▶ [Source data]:
============================================================

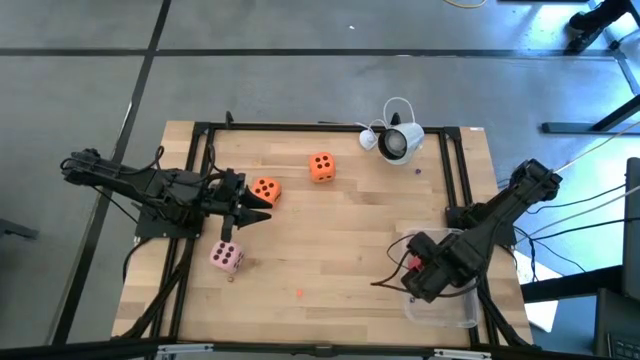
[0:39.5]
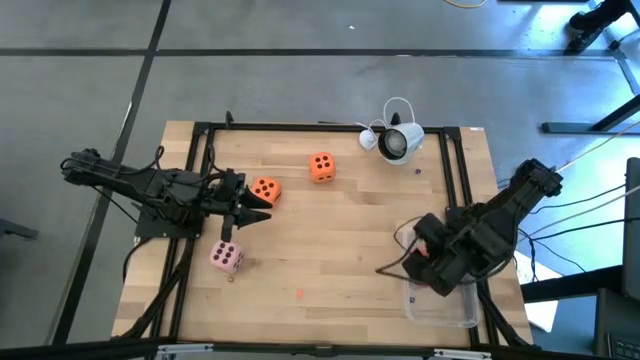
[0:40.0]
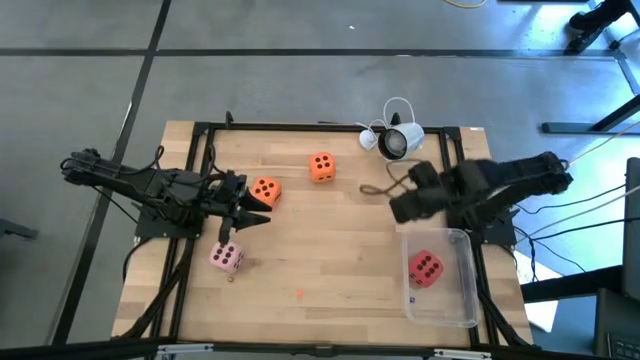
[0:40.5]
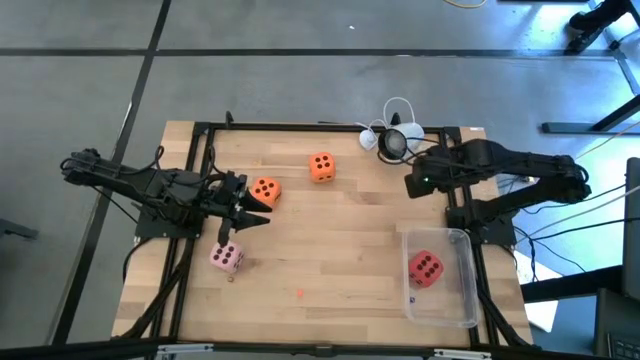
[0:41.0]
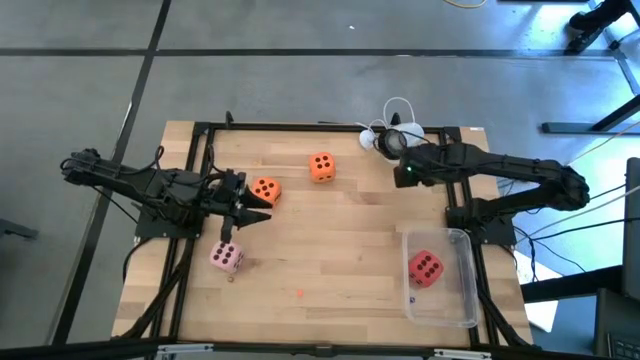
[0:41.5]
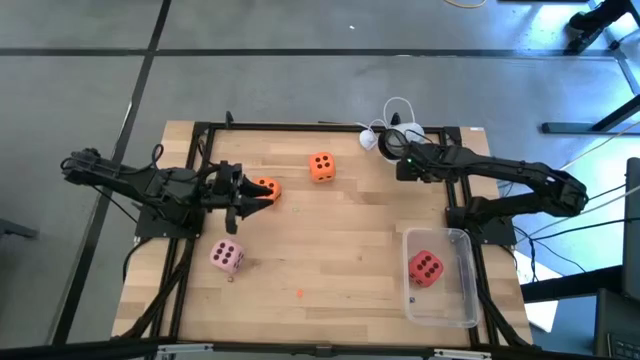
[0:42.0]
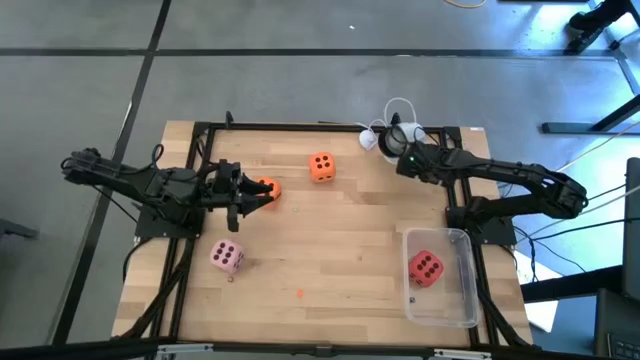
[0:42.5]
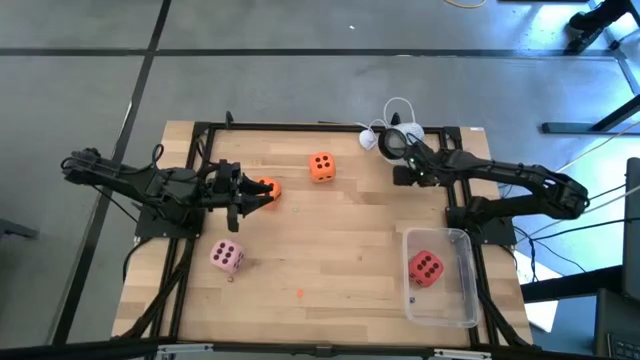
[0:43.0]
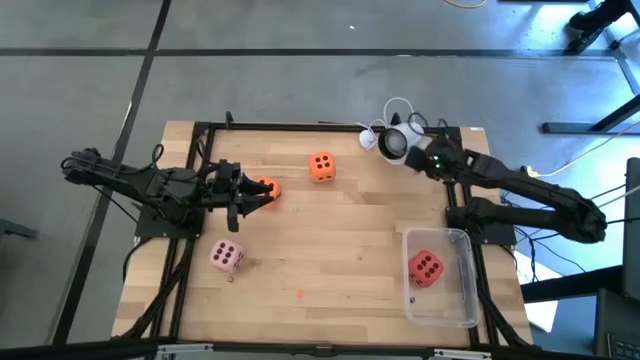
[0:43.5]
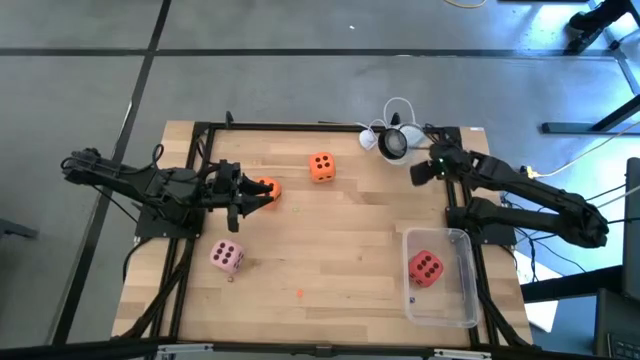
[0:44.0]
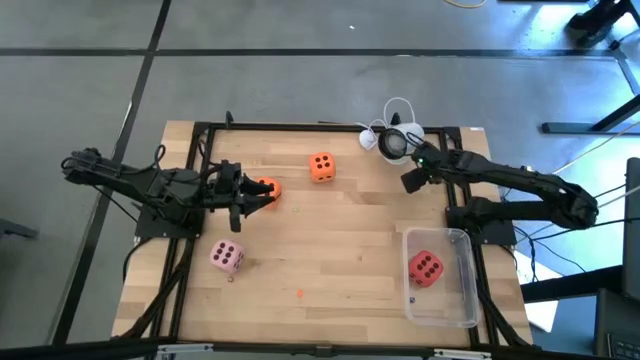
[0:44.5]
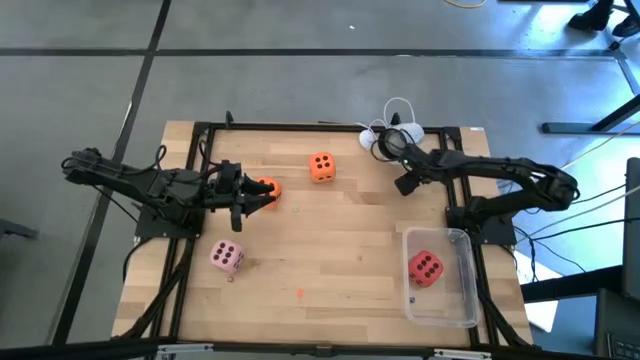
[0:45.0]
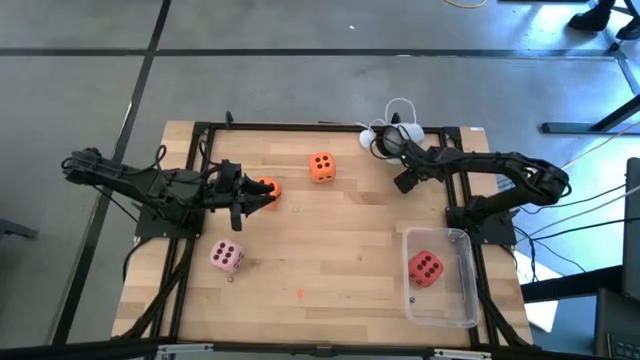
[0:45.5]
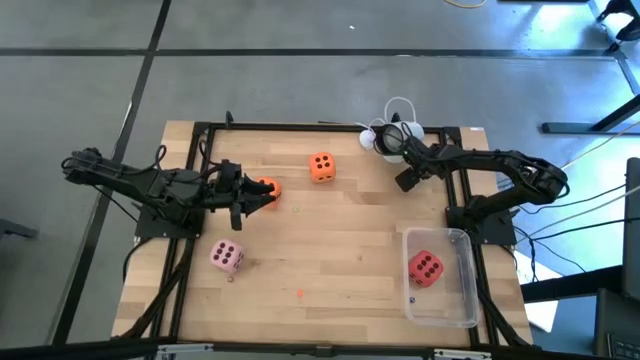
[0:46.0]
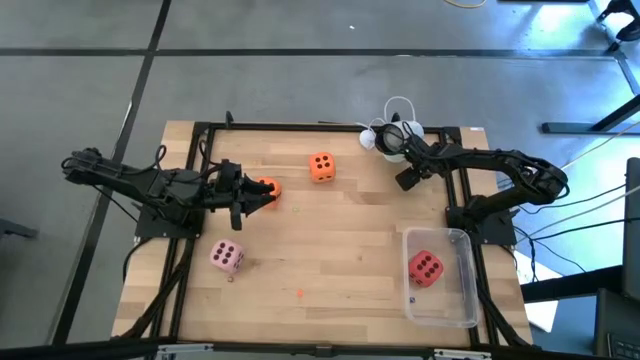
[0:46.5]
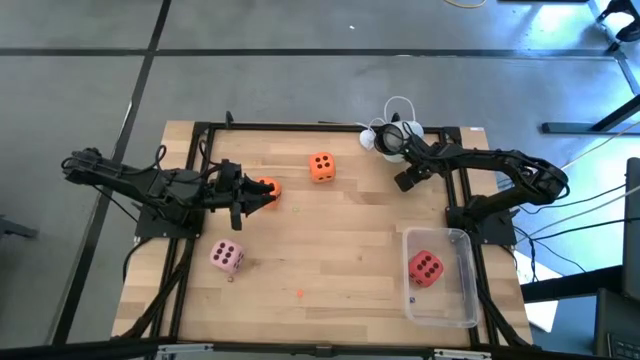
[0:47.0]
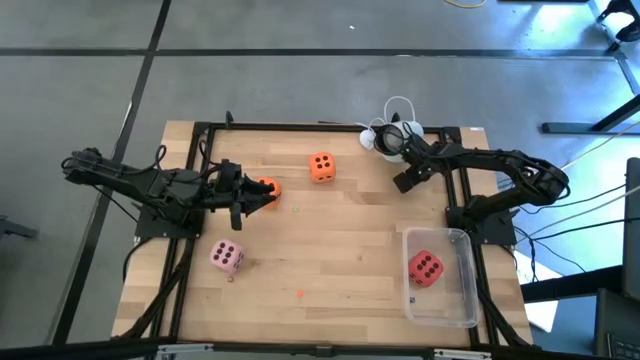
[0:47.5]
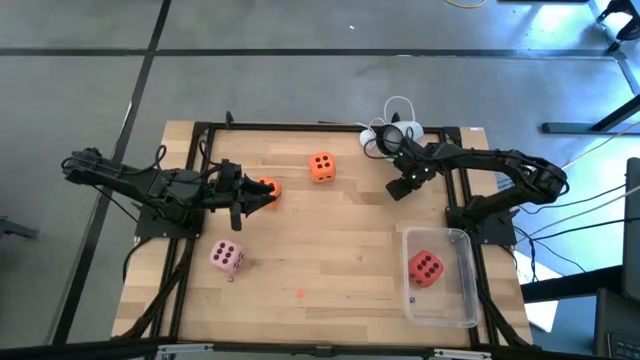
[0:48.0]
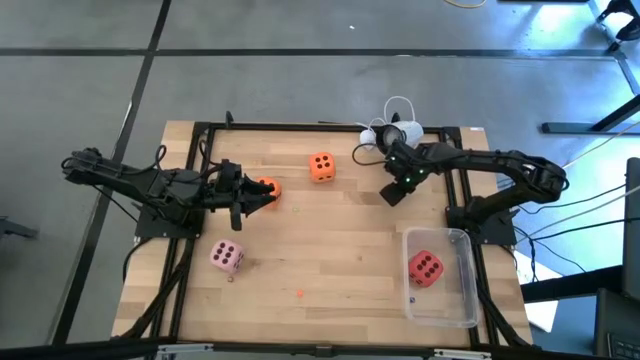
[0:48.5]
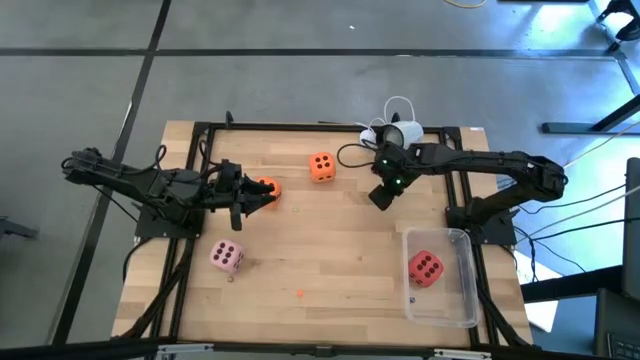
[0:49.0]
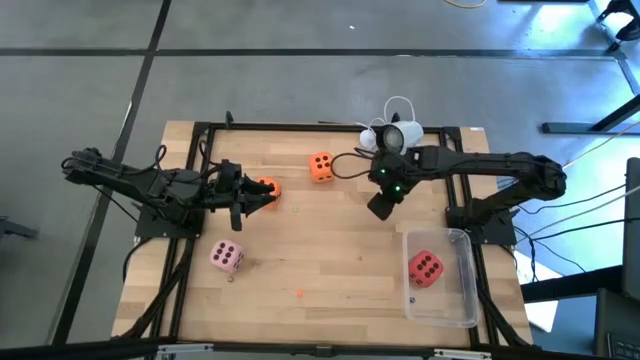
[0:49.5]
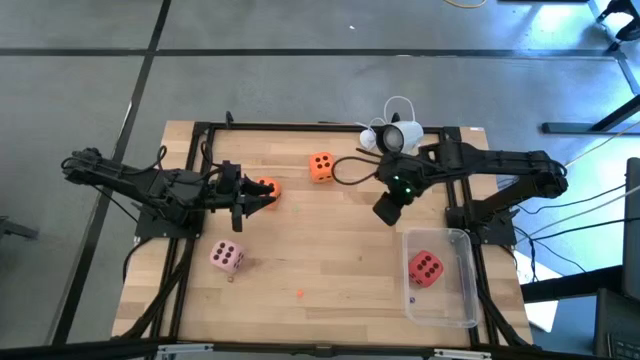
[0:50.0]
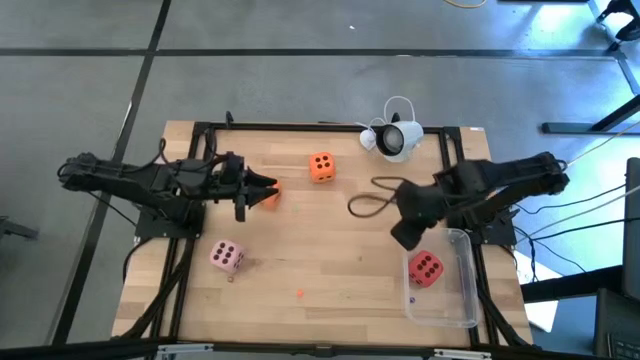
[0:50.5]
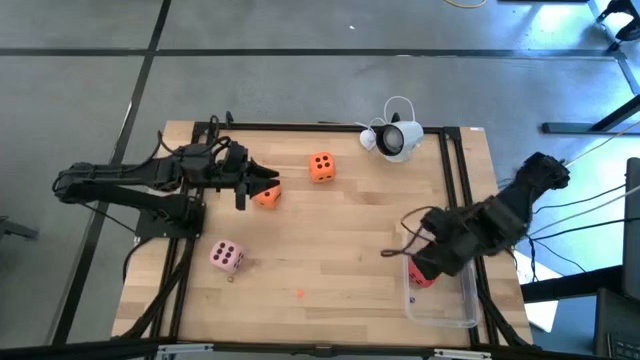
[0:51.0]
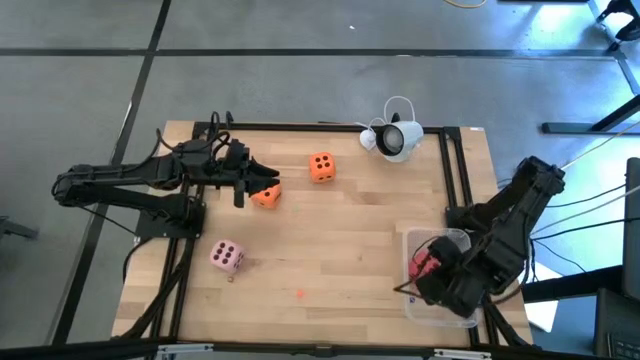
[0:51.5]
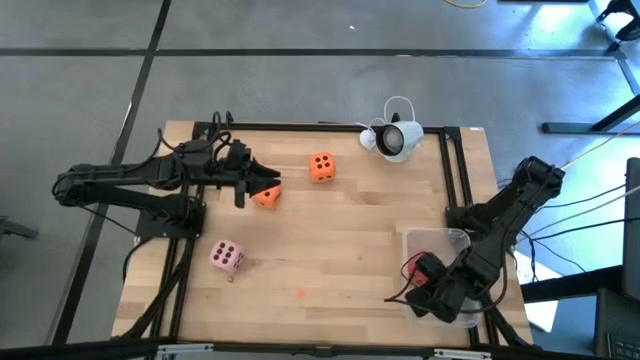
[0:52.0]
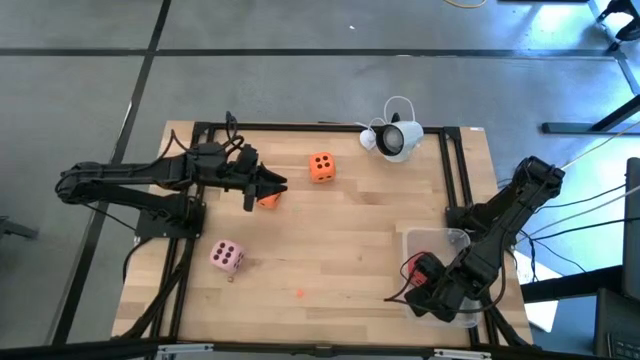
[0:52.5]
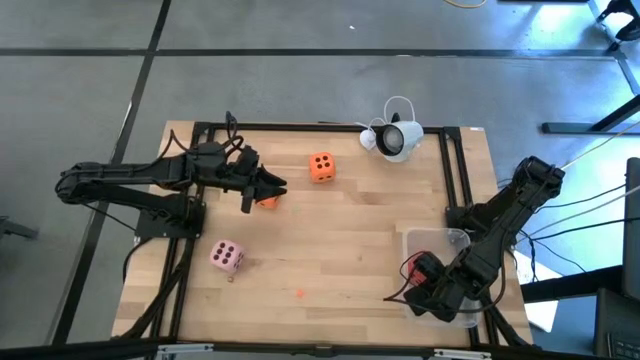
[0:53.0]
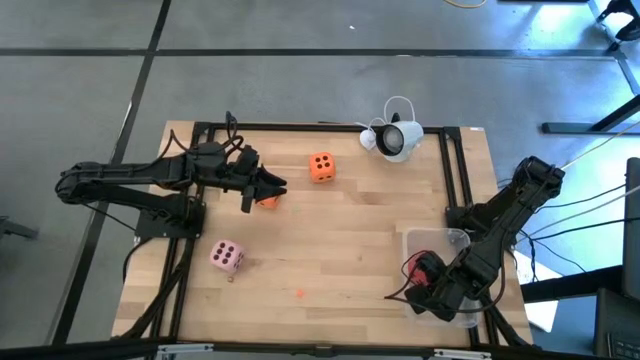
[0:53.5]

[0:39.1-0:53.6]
Task: Pick & Place Dice
Put the small blue die into the transparent bin

============================================================

▶ [Problem requirements]: Copy all entries exactly; skip pictures.

▶ [Answer to this task]:
[0:39.5]
[0:40.0]
[0:40.5]
[0:41.0]
[0:41.5]
[0:42.0]
[0:42.5]
[0:43.0]
[0:43.5]
[0:44.0]
[0:44.5]
[0:45.0]
[0:45.5]
[0:46.0]
[0:46.5]
[0:47.0]
[0:47.5]
[0:48.0]
[0:48.5]
[0:49.0]
[0:49.5]
[0:50.0]
[0:50.5]
[0:51.0]
[0:51.5]
[0:52.0]
[0:52.5]
[0:53.0]
[0:53.5]

[0:39.1-0:53.6]
Task: Pick & Place Dice
Put the small blue die into the transparent bin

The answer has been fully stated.